▸ **Work to be completed**
Reproduce the full listing below unchanged, apart from the pictures.

▸ **Input for this task**
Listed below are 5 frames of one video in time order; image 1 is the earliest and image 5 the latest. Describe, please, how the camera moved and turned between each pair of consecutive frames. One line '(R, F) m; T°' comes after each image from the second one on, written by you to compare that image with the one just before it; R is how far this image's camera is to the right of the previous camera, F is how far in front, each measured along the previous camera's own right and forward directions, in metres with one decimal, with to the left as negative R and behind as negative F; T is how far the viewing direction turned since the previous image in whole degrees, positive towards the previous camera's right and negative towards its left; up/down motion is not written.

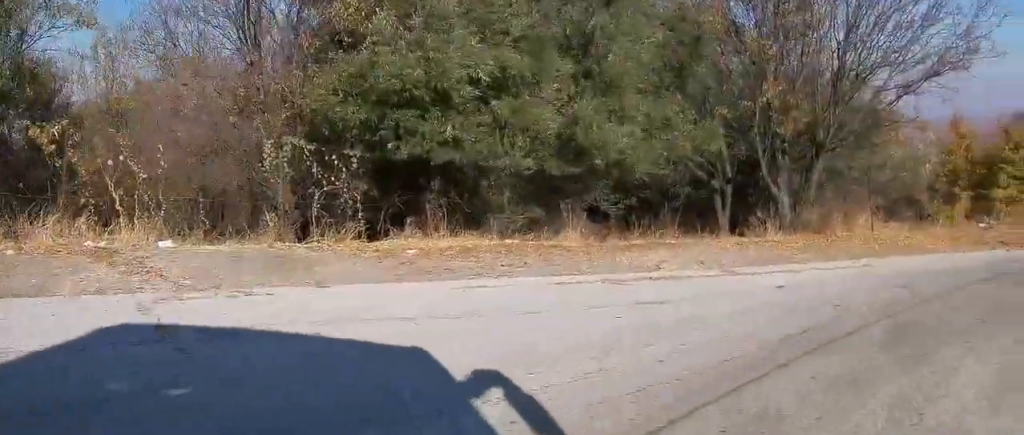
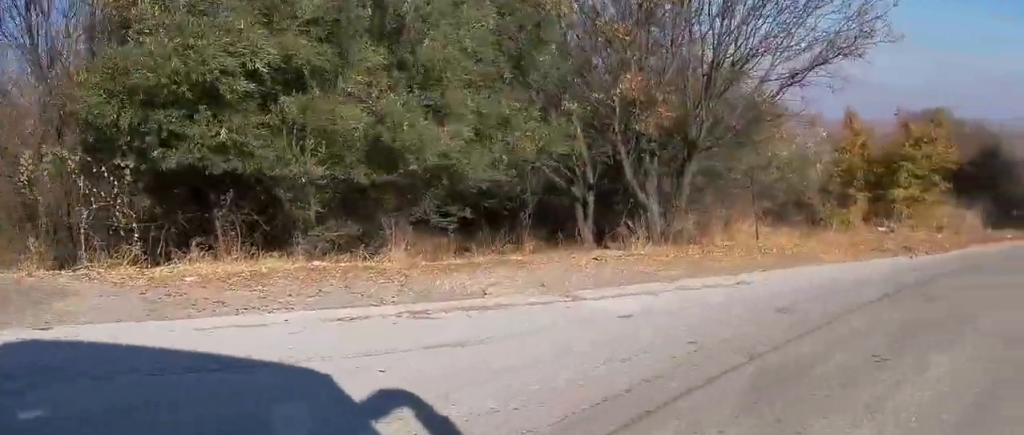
(+0.3, +2.3) m; +4°
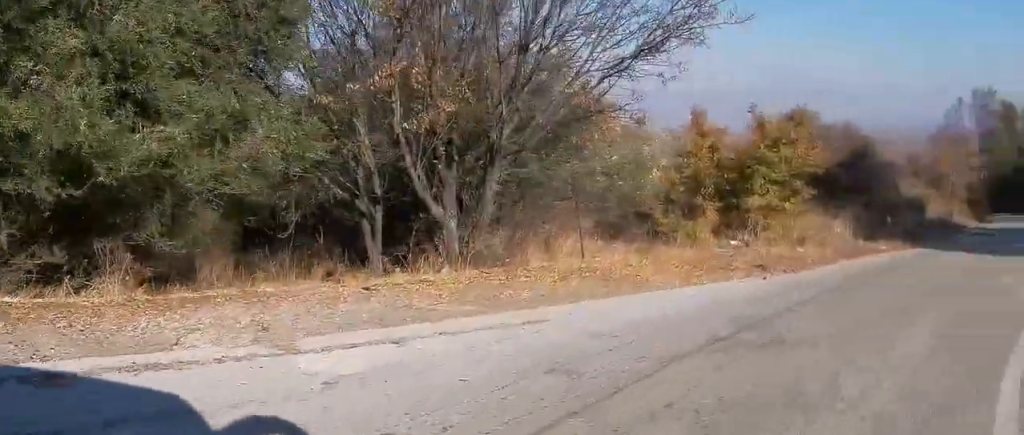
(+0.2, +3.0) m; +5°
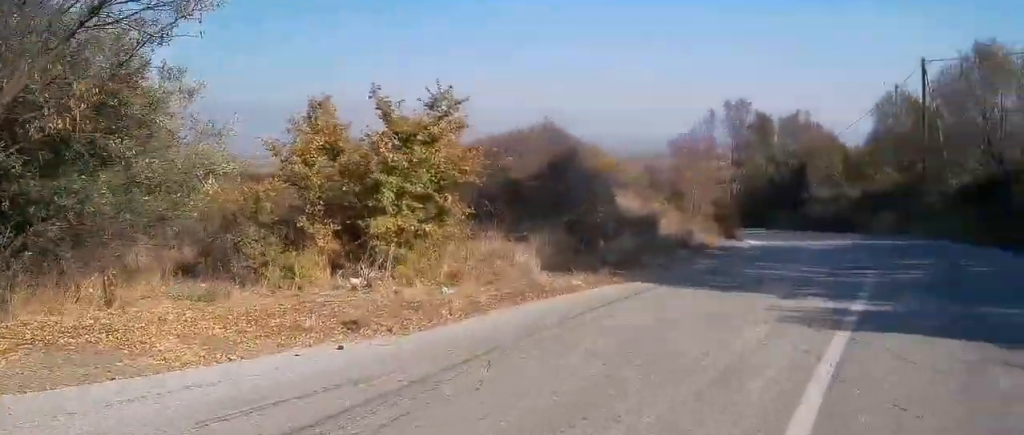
(+0.1, +5.7) m; +14°
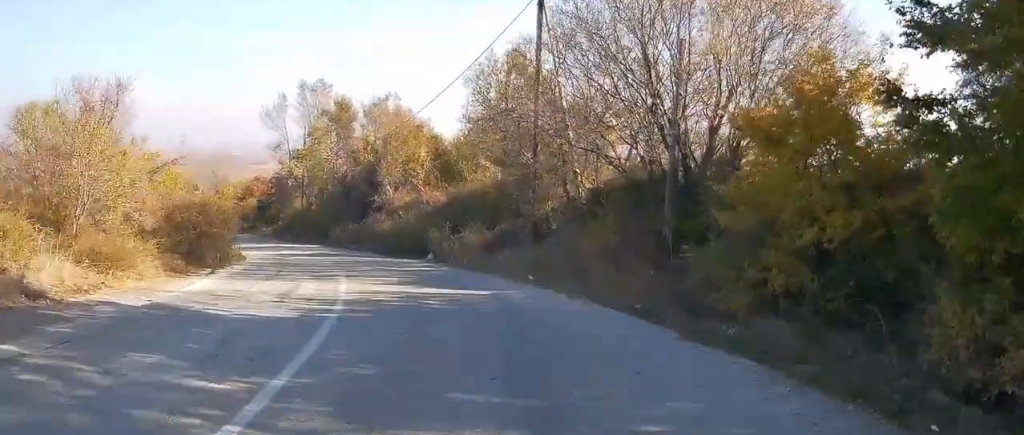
(+7.2, +15.6) m; +33°
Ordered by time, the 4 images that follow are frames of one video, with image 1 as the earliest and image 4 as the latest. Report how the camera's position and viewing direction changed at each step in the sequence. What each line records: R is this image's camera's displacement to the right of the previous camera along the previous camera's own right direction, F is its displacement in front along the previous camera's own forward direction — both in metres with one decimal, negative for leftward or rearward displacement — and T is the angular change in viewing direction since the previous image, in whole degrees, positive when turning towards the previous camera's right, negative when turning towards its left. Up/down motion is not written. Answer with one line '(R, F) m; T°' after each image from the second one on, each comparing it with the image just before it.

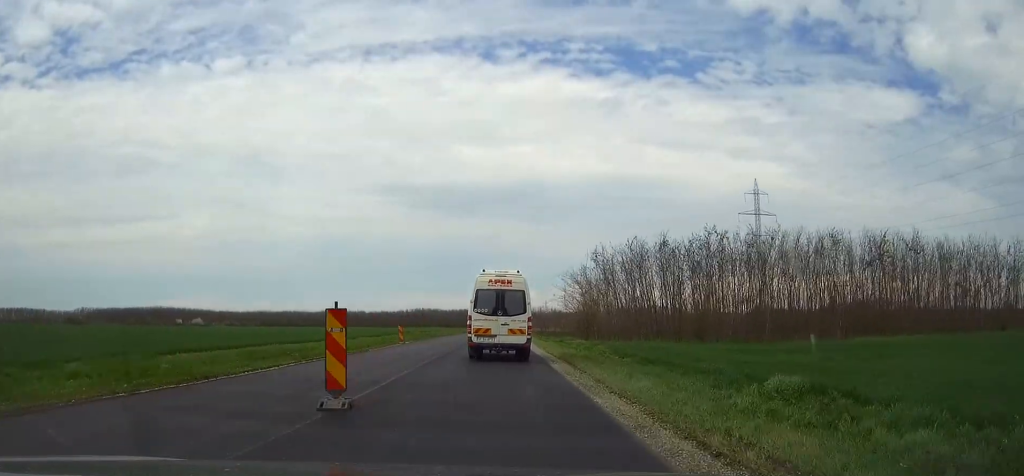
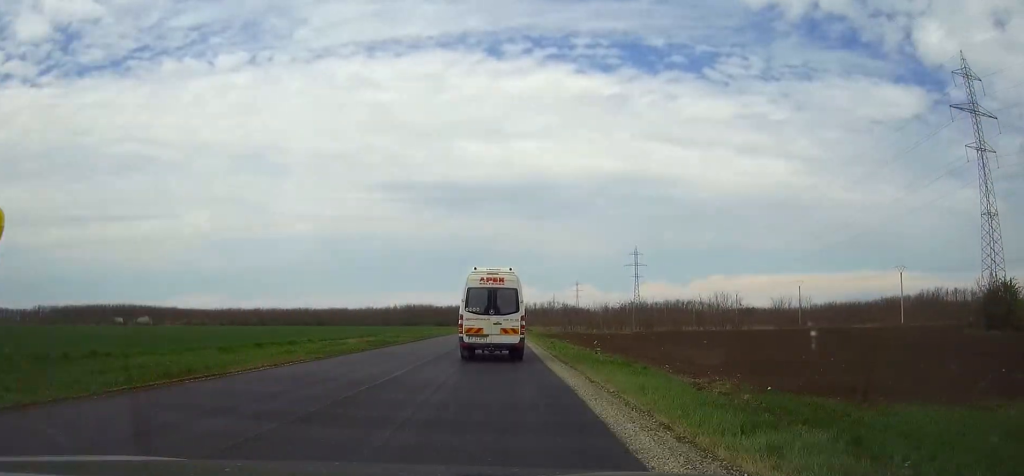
(0.0, +78.0) m; 0°
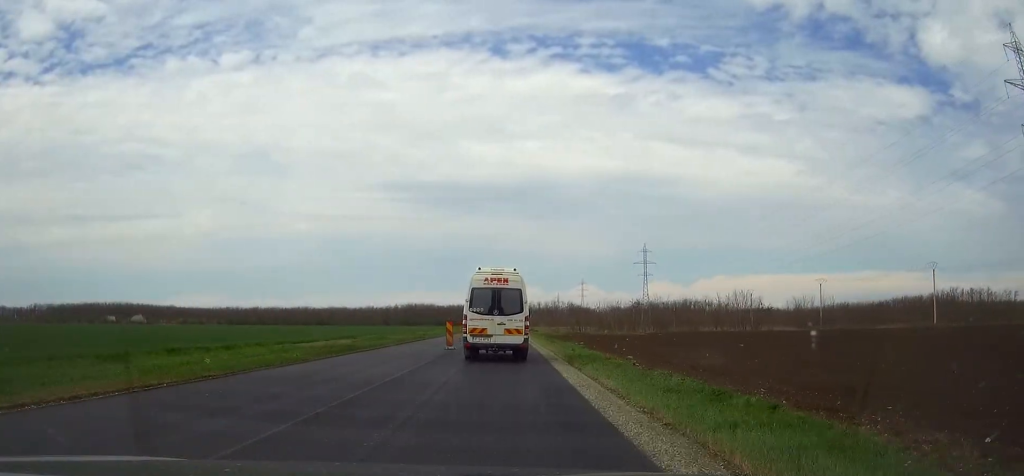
(0.0, +11.0) m; 0°
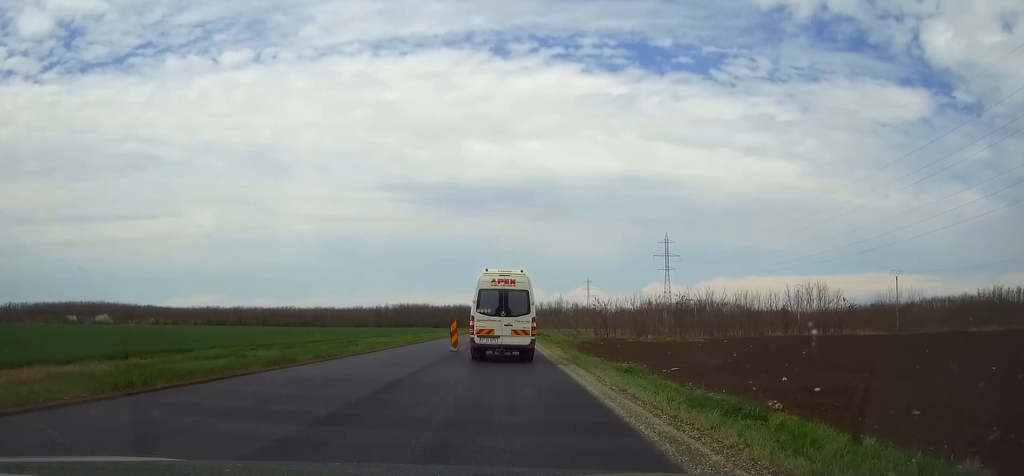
(0.0, +37.0) m; 0°

▸ **Reply**
Listed below are 5 frames of one video in time order; image 1 is the earliest and image 5 the latest. Describe, please, how the camera moved and turned between each pair of consecutive frames. One line '(R, F) m; T°' comes after each image from the second one on, written by you to compare that image with the one just before it; R is how far this image's camera is to the right of the previous camera, F is how far in front, each measured along the previous camera's own right and forward directions, in metres with one decimal, with to the left as negative R and behind as negative F; T is how far the viewing direction turned since the previous image in whole degrees, positive towards the previous camera's right and negative towards its left; up/down motion is not written.

(+0.3, +2.3) m; +4°
(+0.2, +3.0) m; +5°
(+0.1, +5.7) m; +14°
(+7.2, +15.6) m; +33°
Ordered by time, the 4 images that follow are frames of one video, with image 1 as the earliest and image 4 as the latest. Report how the camera's position and viewing direction changed at each step in the sequence. What each line records: R is this image's camera's displacement to the right of the previous camera along the previous camera's own right direction, F is its displacement in front along the previous camera's own forward direction — both in metres with one decimal, negative for leftward or rearward displacement — and T is the angular change in viewing direction since the previous image, in whole degrees, positive when turning towards the previous camera's right, negative when turning towards its left. Up/down motion is not written. Answer with one line '(R, F) m; T°' after each image from the second one on, each comparing it with the image just before it.

(0.0, +78.0) m; 0°
(0.0, +11.0) m; 0°
(0.0, +37.0) m; 0°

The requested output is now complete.